__Aim of the task__.
Set down each entry exactly as given; pictures should not appear in the copy.

__Task input__.
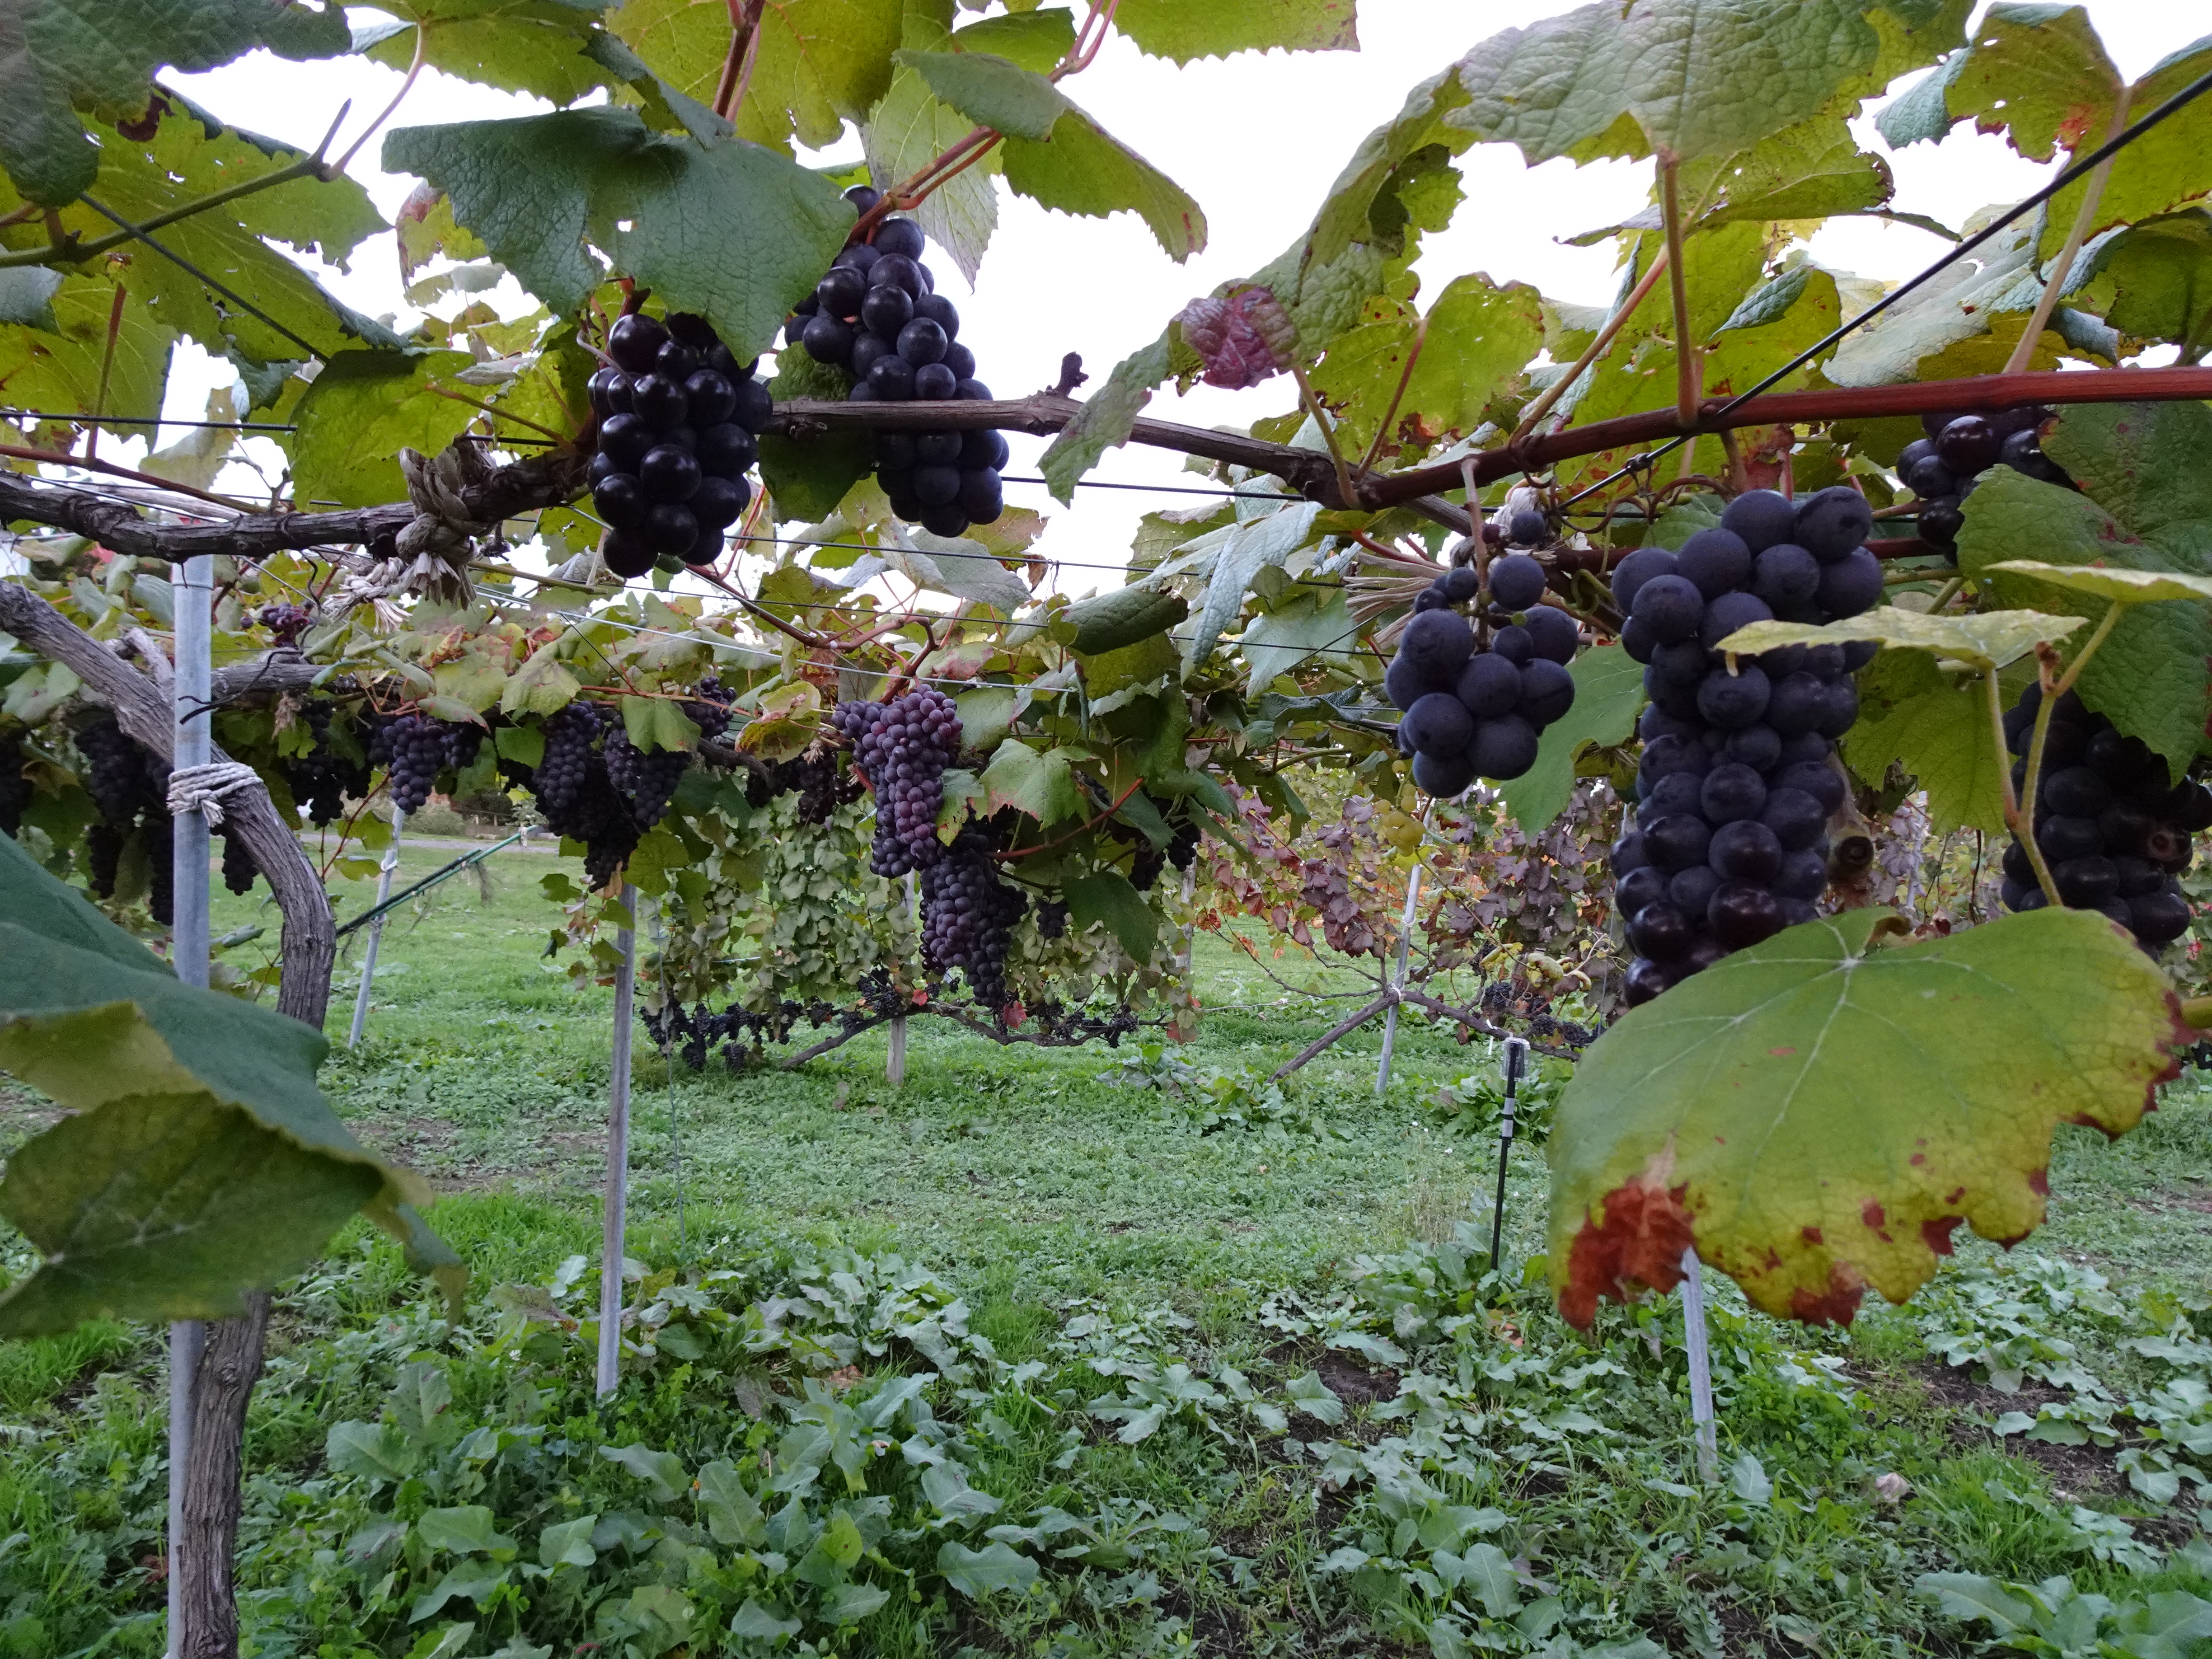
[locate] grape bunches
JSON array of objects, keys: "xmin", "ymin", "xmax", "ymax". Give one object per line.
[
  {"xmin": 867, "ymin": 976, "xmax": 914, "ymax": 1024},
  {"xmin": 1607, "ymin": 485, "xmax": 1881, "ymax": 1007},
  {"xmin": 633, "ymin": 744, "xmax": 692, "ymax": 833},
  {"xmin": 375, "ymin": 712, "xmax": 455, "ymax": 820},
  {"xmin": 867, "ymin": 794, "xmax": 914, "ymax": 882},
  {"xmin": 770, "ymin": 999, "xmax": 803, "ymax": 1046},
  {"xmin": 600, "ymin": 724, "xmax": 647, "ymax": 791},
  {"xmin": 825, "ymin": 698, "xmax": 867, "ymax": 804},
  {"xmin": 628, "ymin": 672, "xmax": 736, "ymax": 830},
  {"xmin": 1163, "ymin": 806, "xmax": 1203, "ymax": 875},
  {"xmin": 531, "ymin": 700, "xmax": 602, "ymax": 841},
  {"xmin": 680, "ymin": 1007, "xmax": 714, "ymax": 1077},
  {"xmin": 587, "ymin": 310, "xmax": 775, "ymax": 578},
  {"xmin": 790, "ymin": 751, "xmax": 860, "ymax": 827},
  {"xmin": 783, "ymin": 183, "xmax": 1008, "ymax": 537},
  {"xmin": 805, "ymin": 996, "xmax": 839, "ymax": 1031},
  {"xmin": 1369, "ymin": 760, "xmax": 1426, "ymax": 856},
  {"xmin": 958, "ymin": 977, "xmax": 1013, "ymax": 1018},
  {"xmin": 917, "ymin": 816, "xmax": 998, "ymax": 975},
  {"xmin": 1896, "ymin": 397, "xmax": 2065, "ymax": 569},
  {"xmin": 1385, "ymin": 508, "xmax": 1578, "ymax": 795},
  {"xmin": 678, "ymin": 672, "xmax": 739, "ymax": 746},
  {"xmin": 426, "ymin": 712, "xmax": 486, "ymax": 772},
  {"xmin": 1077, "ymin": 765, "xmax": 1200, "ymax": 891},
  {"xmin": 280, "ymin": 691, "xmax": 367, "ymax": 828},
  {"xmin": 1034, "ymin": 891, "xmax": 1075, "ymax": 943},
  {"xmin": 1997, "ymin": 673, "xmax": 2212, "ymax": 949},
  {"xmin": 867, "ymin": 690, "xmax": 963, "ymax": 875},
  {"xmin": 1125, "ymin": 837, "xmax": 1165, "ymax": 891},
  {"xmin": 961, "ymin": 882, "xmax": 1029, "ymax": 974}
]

__Exercise result__.
[locate] grape bunches
JSON array of objects, keys: "xmin", "ymin", "xmax", "ymax". Give one object per line.
[
  {"xmin": 867, "ymin": 976, "xmax": 914, "ymax": 1024},
  {"xmin": 1607, "ymin": 485, "xmax": 1881, "ymax": 1007},
  {"xmin": 633, "ymin": 744, "xmax": 692, "ymax": 833},
  {"xmin": 375, "ymin": 712, "xmax": 455, "ymax": 820},
  {"xmin": 867, "ymin": 794, "xmax": 914, "ymax": 882},
  {"xmin": 770, "ymin": 999, "xmax": 803, "ymax": 1046},
  {"xmin": 600, "ymin": 724, "xmax": 647, "ymax": 791},
  {"xmin": 825, "ymin": 698, "xmax": 867, "ymax": 804},
  {"xmin": 628, "ymin": 672, "xmax": 736, "ymax": 830},
  {"xmin": 1163, "ymin": 806, "xmax": 1203, "ymax": 875},
  {"xmin": 531, "ymin": 700, "xmax": 602, "ymax": 841},
  {"xmin": 680, "ymin": 1007, "xmax": 714, "ymax": 1077},
  {"xmin": 587, "ymin": 310, "xmax": 775, "ymax": 578},
  {"xmin": 790, "ymin": 751, "xmax": 860, "ymax": 827},
  {"xmin": 783, "ymin": 183, "xmax": 1008, "ymax": 537},
  {"xmin": 805, "ymin": 996, "xmax": 839, "ymax": 1031},
  {"xmin": 1369, "ymin": 760, "xmax": 1426, "ymax": 856},
  {"xmin": 958, "ymin": 977, "xmax": 1013, "ymax": 1018},
  {"xmin": 917, "ymin": 816, "xmax": 998, "ymax": 975},
  {"xmin": 1896, "ymin": 397, "xmax": 2065, "ymax": 569},
  {"xmin": 1385, "ymin": 508, "xmax": 1578, "ymax": 795},
  {"xmin": 678, "ymin": 672, "xmax": 739, "ymax": 746},
  {"xmin": 426, "ymin": 712, "xmax": 486, "ymax": 772},
  {"xmin": 1077, "ymin": 765, "xmax": 1200, "ymax": 891},
  {"xmin": 280, "ymin": 691, "xmax": 367, "ymax": 828},
  {"xmin": 1034, "ymin": 891, "xmax": 1075, "ymax": 943},
  {"xmin": 1997, "ymin": 673, "xmax": 2212, "ymax": 949},
  {"xmin": 867, "ymin": 690, "xmax": 963, "ymax": 875},
  {"xmin": 1125, "ymin": 837, "xmax": 1165, "ymax": 891},
  {"xmin": 961, "ymin": 882, "xmax": 1029, "ymax": 974}
]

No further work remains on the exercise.